Als ouder vond ik dat vervelend. Je moet geen toezeggingen doen die je niet nakomt en al helemaal niet bij jongeren. Doe dan liever wat voorzichtigere uitspraken zodat je geen verwachtingen wekt die niet na te komen zijn. Je kunt bijvoorbeeld aangeven dat je hoopt dat het gaat lukken om iedereen zijn schoolcarrière op deze locatie te kunnen afmaken, maar dat dat nog wel afhangt van factoren zoals onderwijskundige ontwikkelingen in de toekomst. Of je kunt aangeven dat als het al nodig blijkt te zijn de leerlingen te verplaatsen dat je er alles aan zult doen in overleg met de leerlingen om ze daar ook thuis te laten voelen. En die toezegging moet je dan natuurlijk wel nakomen. Die kun je met een beetje goede wil en inzet ook gewoon nakomen.

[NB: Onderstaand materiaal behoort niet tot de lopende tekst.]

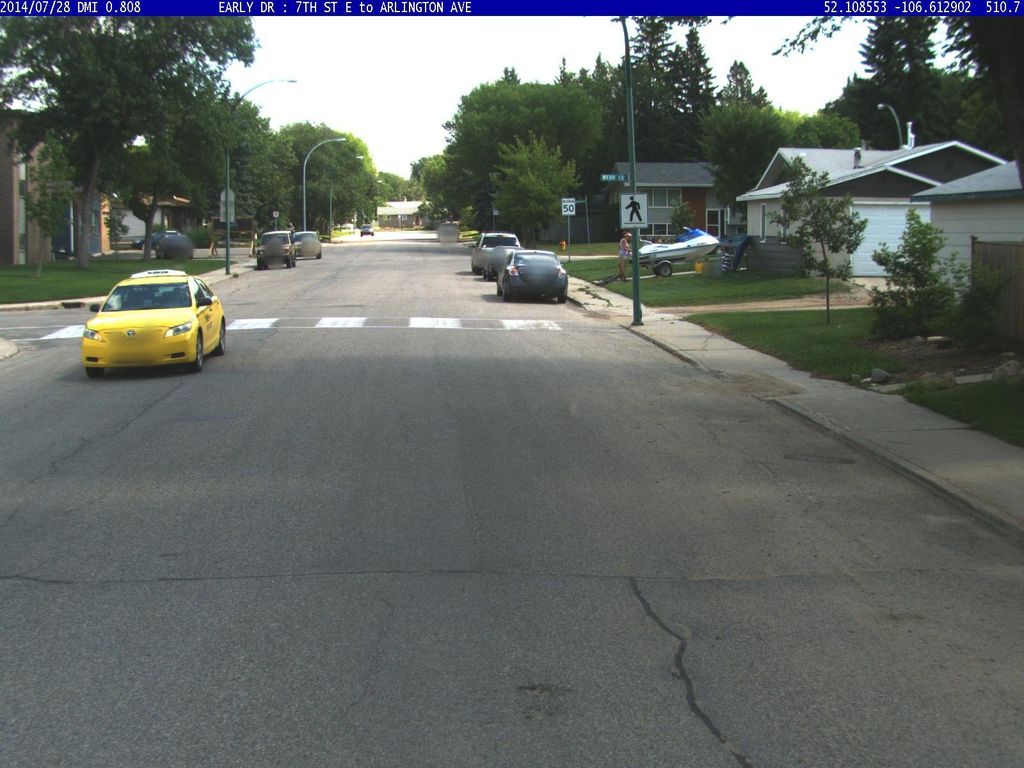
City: saskatoon

Je kunt als wethouder zeggen dat je de intentie hebt om een school niet verder uit te breiden, maar dat je niet in de toekomst kunt kijken met alle problemen die er altijd zijn met de betrouwbaarheid van leerlingprognoses. Je kunt wel de toezegging doen alles te doen wat in je macht ligt om de overlast voor omwonenden zoveel mogelijk te voorkomen. En die toezegging moet je dan natuurlijk wel gestand doen. Je zorgt er dan voor dat er een kiss and ride strook goed wordt ingericht en je spreekt met de wijkagenten af dat er strict gehandhaafd gaat worden. En dat blijf je dan ook goed in de gaten houden. Die toezegging kun je met een beetje goede wil en inzet gewoon nakomen,

Maar veel mensen aan de top hebben nu eenmaal de neiging om stoere taal te uiten en zo kritiek en kritische vragen te vermijden. Na mij de zondvloed, lijken ze hiermee te denken.En dan doen ze toezeggingen die ze nimmer gestand kunnen doen.

Dom, dom, dom.

Op dat moment zijn de mensen tevreden."Gaat u maar rustig slapen."Maar als later blijkt dat het een loze toezegging was, zijn de rapen gaar. Terecht.

Zeg gewoon wat je bedoeling is, maar geef ook meteen duidelijk aan dat er geen zekerheden bestaan. Nood breekt wetten en geld is nu eenmaal altijd een leidraad zolang er geen geldbomen gekweekt kunnen worden. De inkomsten van scholen en gemeentes zijn beperkt en elke euro kan maar eenmaal uitgegeven worden. Scholen groeien vaak onvoorzien uit hun jasje en dat weten we toch ondertussen wel.

Persoonlijk ben ik niet zo gecharmeerd van politici of andere leiders die vaak wilde toezeggingen doen. Door ervaring ben ik wijzer (of teleurgestelder) geworden. Maar je kunt het mensen niet kwalijk nemen dat een toezegging van iemand met macht (of het nu een schoolleider of een wethouder is)zeer serieus wordt genomen.Je moet toch uitgaan van vertrouwen.